For the send-off, “I Could Have Danced All Night,” was perhaps appropriate. Eliza’s (non) bedtime song was an interesting choice for a dinner party with no dancing — “I only know when he began to dance with me/I could have danced, danced, danced all night” — but the guests seemed to sign off on the sentiment, if not quite ready to use it as a prescription. While most cheered Shen on or sang along, more than a few flipped through their smartphones, perhaps checking email, perhaps sending texts, perhaps checking the score of the Golden State Warriors-Houston Rockets game. (Golden State in a squeaker, 99-98).
Regardless, it was a good night for fans of Hepburn and Julie Andrews.
The Wolff of Madison Avenue Meanwhile, the 96-year-old Wolff, who keeps a firm handshake and a busy schedule, couldn’t resist a little self-deprecation. “People ask a 96-year-old-man, ‘How do you feel?’ And you say, ‘Well, you know, at 96, you can’t feel anything!'”
Addressing his fellow guests on the grounds that were previously the Republic of China’s ambassador’s residence before the United States pulled its diplomatic recognition of Taiwan in favor of recognizing the People’s Republic of China, Wolff said “You have lived up to every expectation” of the island’s supporters since the Taiwan Relations Act was approved in 1979.
Wolff’s position toward Taiwan was not a surprise.
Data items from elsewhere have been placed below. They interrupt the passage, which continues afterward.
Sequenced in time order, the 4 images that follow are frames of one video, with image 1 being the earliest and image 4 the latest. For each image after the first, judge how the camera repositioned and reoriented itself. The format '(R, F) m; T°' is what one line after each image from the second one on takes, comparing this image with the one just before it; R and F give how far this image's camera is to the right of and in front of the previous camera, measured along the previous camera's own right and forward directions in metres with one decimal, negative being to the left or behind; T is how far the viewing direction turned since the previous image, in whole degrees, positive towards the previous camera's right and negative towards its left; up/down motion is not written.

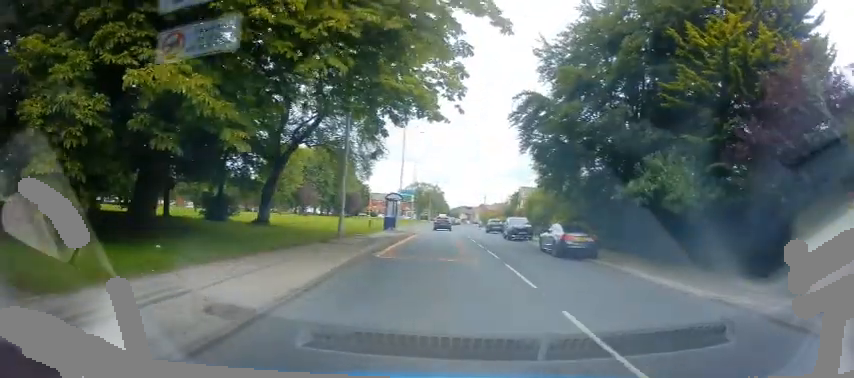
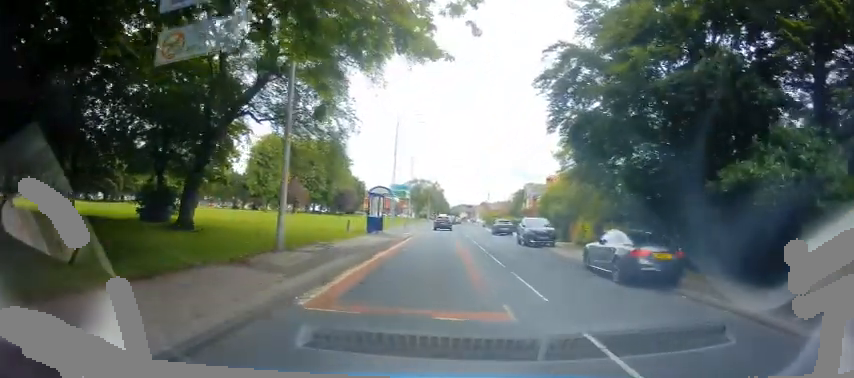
(-0.1, +7.6) m; -1°
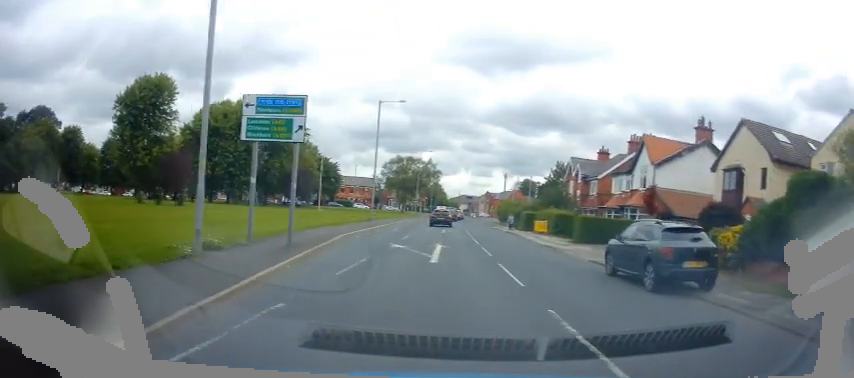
(-0.2, +33.3) m; 0°
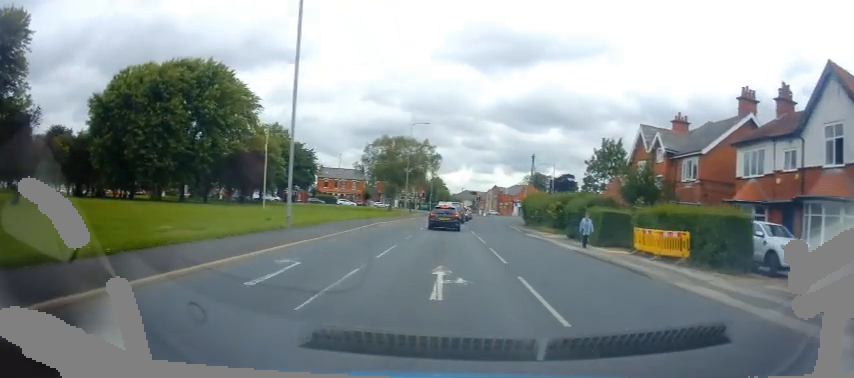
(-0.1, +21.3) m; -1°
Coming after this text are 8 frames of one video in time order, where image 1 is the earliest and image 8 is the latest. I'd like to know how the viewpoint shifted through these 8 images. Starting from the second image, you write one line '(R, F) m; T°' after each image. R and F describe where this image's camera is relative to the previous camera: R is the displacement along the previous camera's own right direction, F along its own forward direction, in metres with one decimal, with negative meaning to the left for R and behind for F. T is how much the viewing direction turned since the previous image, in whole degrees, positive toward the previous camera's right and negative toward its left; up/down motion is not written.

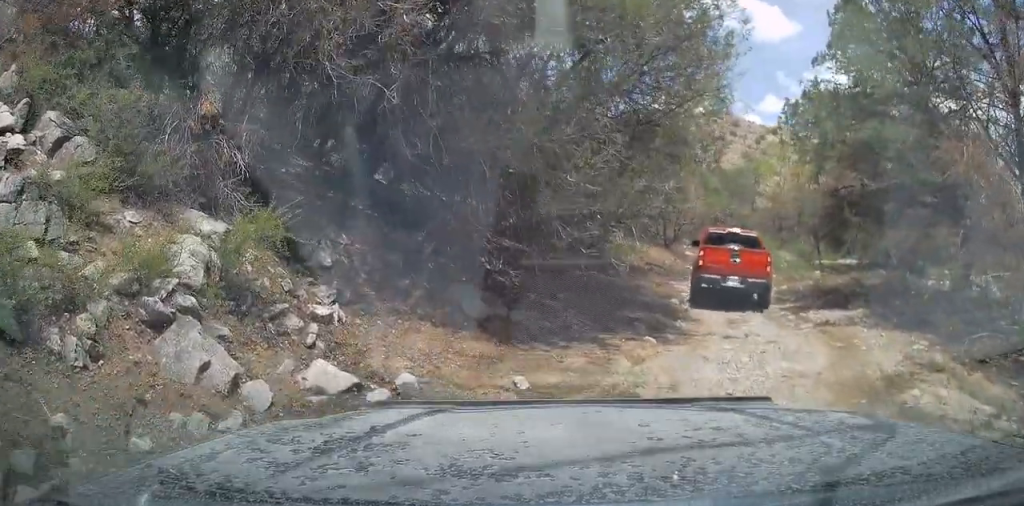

What was a surprise, though, was some trivia revealed by his grandson, Mike Yorg, who was also attending the dinner.
“He was a Mad Men,” said Yorg, referring to Wolff’s pre-congressional career. According to Wolff’s congressional biography, he led his own firm, Coordinated Marketing Agency from 1950 to 1964. He was elected to Congress in 1964, beating Republican Steven B. Derounian, and served until losing his re-election bid in 1980 to Republican John LeBoutillier.
He claims a bit of pop culture history as well, as someone who worked on White Rock Ginger Ale and its iconic image of Psyche gazing into a stream. Look closely and you can see the image in the opening credits of “Mad Men,” as the analogue of Don Draper falls amid mid-century advertising images.
“Yes, did it as part of my own agency,” Wolff said after dinner. Considering the number of years those credits have been rolling by, all we can say is, “Wow.”
The Sound of One Diplomat Singing “What does ‘Edelweiss’ have to do with Taiwan?” asked one guest at my table, in between verses he himself was singing along to. The song, written for “The Sound of Music” by Richard Rodgers and Oscar Hammerstein, is a particularly poignant point of the production, when Captain von Trapp is bidding farewell to his home of Austria as it is getting subsumed by the Third Reich.
More than a few fans assumed it was an actual Austrian folk song. But the paean to a simple time was the creation of two showmen for a Tony-award winning play and Oscar-winning movie. That doesn’t make its sentiment any less authentic.
And so it makes perfect sense a senior diplomat from what was previously a country and which now occupies a unique and precarious diplomatic position would sing a melancholy song about a lost homeland. That’s what “Edelweiss” has to do with Taiwan.
Correction 1:27 p.m. A previous version of this post mischaracterized the Twin Oaks estate. It was previously the Republic of China’s ambassador’s residence.